What about Bill Kristol’s promise that “there will be an independent candidate” to challenge Trump? Well, Virginia may be the only state where such a candidate would pose a threat to The Donald, as the anti-Trump Republicans are likely concentrated in the D.C. suburbs. Nevertheless, with Clinton being more “neoconservative” than Trump (on foreign intervention, trade deals, and immigration), it’s possible a #NeverTrump candidate could take votes from Hillary, not from The Donald.
Next Page: The anti-establishment forces already have a candidate.
1. The anti-establishment forces already have a candidate.
Many true conservatives and #NeverTrump voters are nevertheless angry at the status quo in Washington. Donald Trump is smart — he is making this election a stark choice between more of the same past 16+ years of failed political leadership and a new direction. Many who stringently opposed him in the primaries will not continue to do so, once he is fully the nominee.
Perhaps unfortunately, any candidate with positions on trade, foreign policy, or immigration which are more like Hillary’s than Trump’s will be associated with the “more of the same” platform.
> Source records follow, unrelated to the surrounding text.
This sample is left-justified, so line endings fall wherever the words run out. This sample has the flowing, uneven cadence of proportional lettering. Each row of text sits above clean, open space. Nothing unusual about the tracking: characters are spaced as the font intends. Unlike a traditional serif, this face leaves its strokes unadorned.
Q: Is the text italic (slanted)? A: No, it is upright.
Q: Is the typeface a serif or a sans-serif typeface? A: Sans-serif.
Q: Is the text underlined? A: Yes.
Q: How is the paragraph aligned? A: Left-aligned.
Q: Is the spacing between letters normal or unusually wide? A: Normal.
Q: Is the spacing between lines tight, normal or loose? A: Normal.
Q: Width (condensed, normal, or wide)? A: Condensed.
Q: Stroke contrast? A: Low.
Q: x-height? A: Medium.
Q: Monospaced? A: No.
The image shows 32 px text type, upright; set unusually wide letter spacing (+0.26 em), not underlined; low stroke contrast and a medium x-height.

To a large extent, this would be unfair, especially for a David French or a Gary Johnson. The difficulty is that Trump is defining the narrative of this campaign, and any third party candidate will be associated either with the status quo or with the forces of Trumpian “change.”
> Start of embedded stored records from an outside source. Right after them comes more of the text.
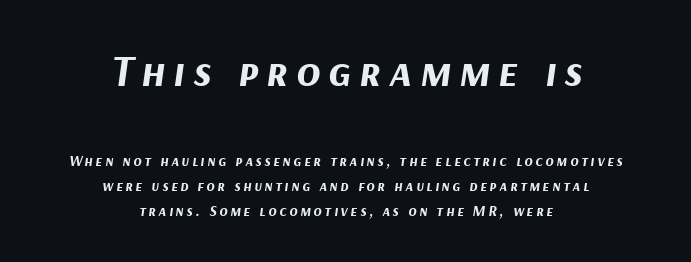
The image shows 44 px bold type, italic (leaning right); set centered, normal line spacing (1.67x), not underlined; the first (top) block is 2.93x larger; medium stroke contrast and a medium x-height.
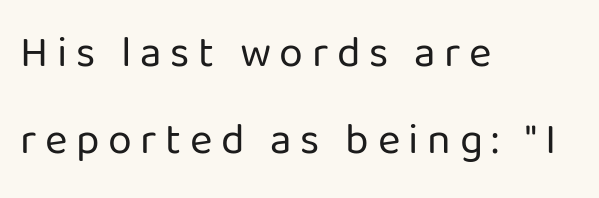
{"serif": "no", "italic": "no", "bold": "no", "weight": "regular", "width": "normal", "stroke_contrast": "low", "x_height": "medium", "monospaced": "no", "underline": "no", "align": "left", "line_spacing": "loose", "line_spacing_ratio": 2.03, "letter_spacing": "wide", "letter_spacing_em": 0.2, "glyph_px": 43}
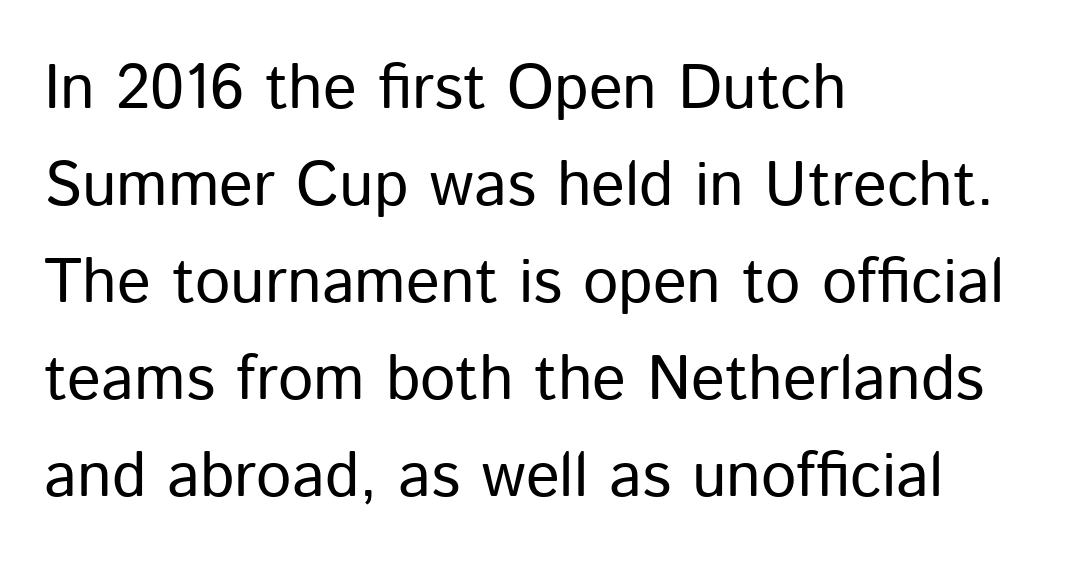
{"serif": "no", "italic": "no", "bold": "no", "weight": "regular", "width": "normal", "stroke_contrast": "low", "x_height": "medium", "monospaced": "no", "underline": "no", "align": "left", "line_spacing": "normal", "line_spacing_ratio": 1.54, "letter_spacing": "normal", "letter_spacing_em": 0.0, "glyph_px": 63}
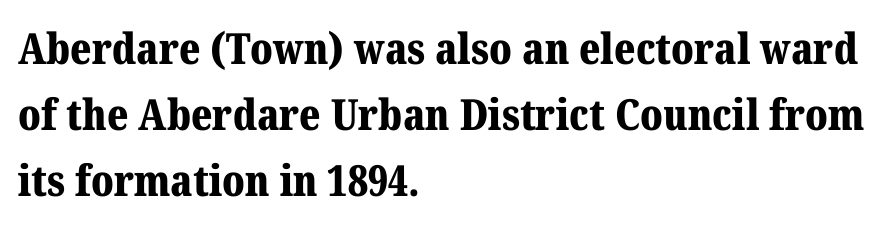
Letterform terminals end in serifs throughout the passage. Does the copy run flush right? No — it runs flush left. The baseline area is clear. Plenty of ink on the page — the face is bold.
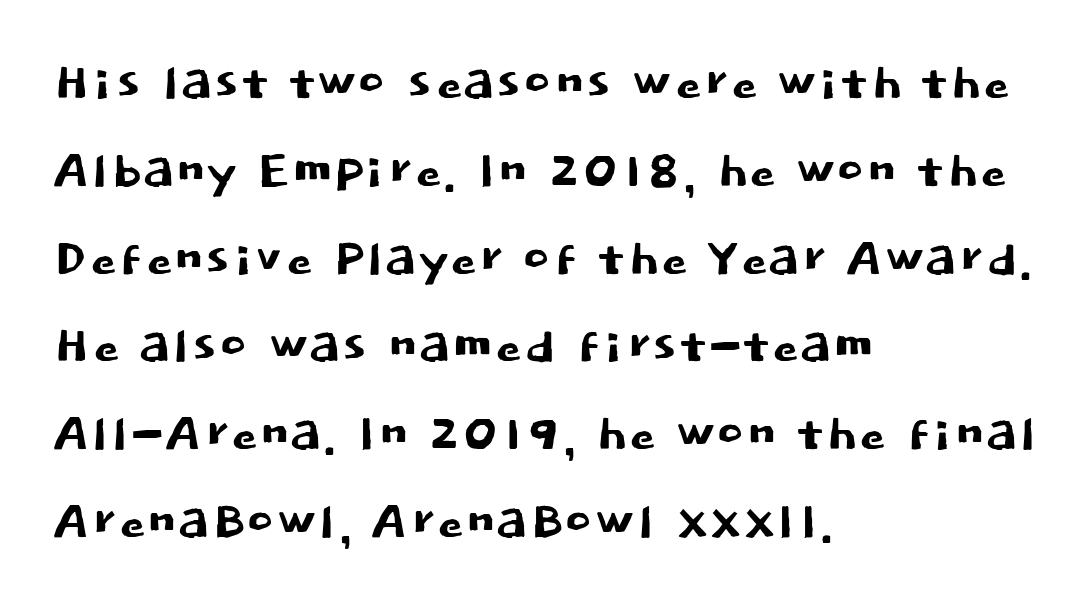
The image shows 66 px sans-serif type, upright; set left-aligned, normal line spacing (1.33x), normal letter spacing, not underlined; low stroke contrast and a large x-height.
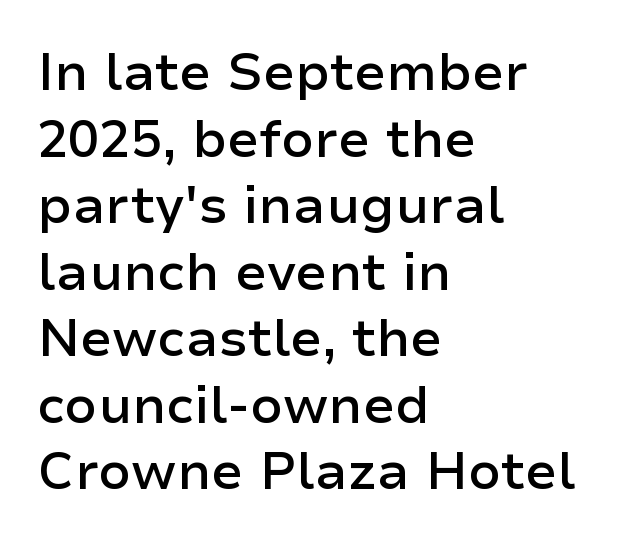
Q: Is the text bold? A: Semi-bold.
Q: Is the text italic (slanted)? A: No, it is upright.
Q: Is the typeface a serif or a sans-serif typeface? A: Sans-serif.
Q: Is the text underlined? A: No.
Q: How is the paragraph aligned? A: Left-aligned.
Q: Is the spacing between letters normal or unusually wide? A: Normal.
Q: Is the spacing between lines tight, normal or loose? A: Normal.
Q: Width (condensed, normal, or wide)? A: Normal.
Q: Stroke contrast? A: Low.
Q: x-height? A: Medium.
Q: Monospaced? A: No.

Like a certain Illinois senator in 2008, Trump stands for a rejection of the failures of the past president. Neither Johnson nor a Kristol candidate will have the media advantages of The Donald. A few months ago, The New York Times reported that Trump received the equivalent of $1 trillion in free media coverage, and that tendency shows no signs of stopping. TV outlets air live footage of his rallies, they cover his crazy statements, they allow Trump to dominate coverage of the election.
This makes sense, since it drives more attention, but it is an unprecedented way to cover a campaign, and if it continues, The Donald will determine the meaning of this election. It will be less about race, class, and gender and more about dissatisfaction with the status quo and a rejection of the “establishment.”
This gives Trump an ace in the hole, but Clinton still has many advantages (despite being a horrible candidate). The Donald will need increased white turnout or an improvement in the Republican share of Blacks and Hispanics in order to win. These developments are possible, especially if Trump can convince working class people of all races to back his candidacy. If the coverage continues to focus on him, his chances are decent.
None of this means a Kristol candidate shouldn’t run, or that Gary Johnson’s candidacy is hopeless. This is 2016, and Trump has shown us that anything can happen, but most Americans are still likely to see their vote in November as going against Clinton or Trump, and the Republican-Democrat binary is unlikely to be weakened by two deeply unpopular frontrunners. That’s just how American politics works, even with the smasher of conventional wisdom, Mr. Donald J. Trump.
This is not an endorsement for Trump, or an encouragement for conservatives to vote for Clinton just to stop him. I will likely still vote third party myself, but I suffer under no illusions that most Americans are with me.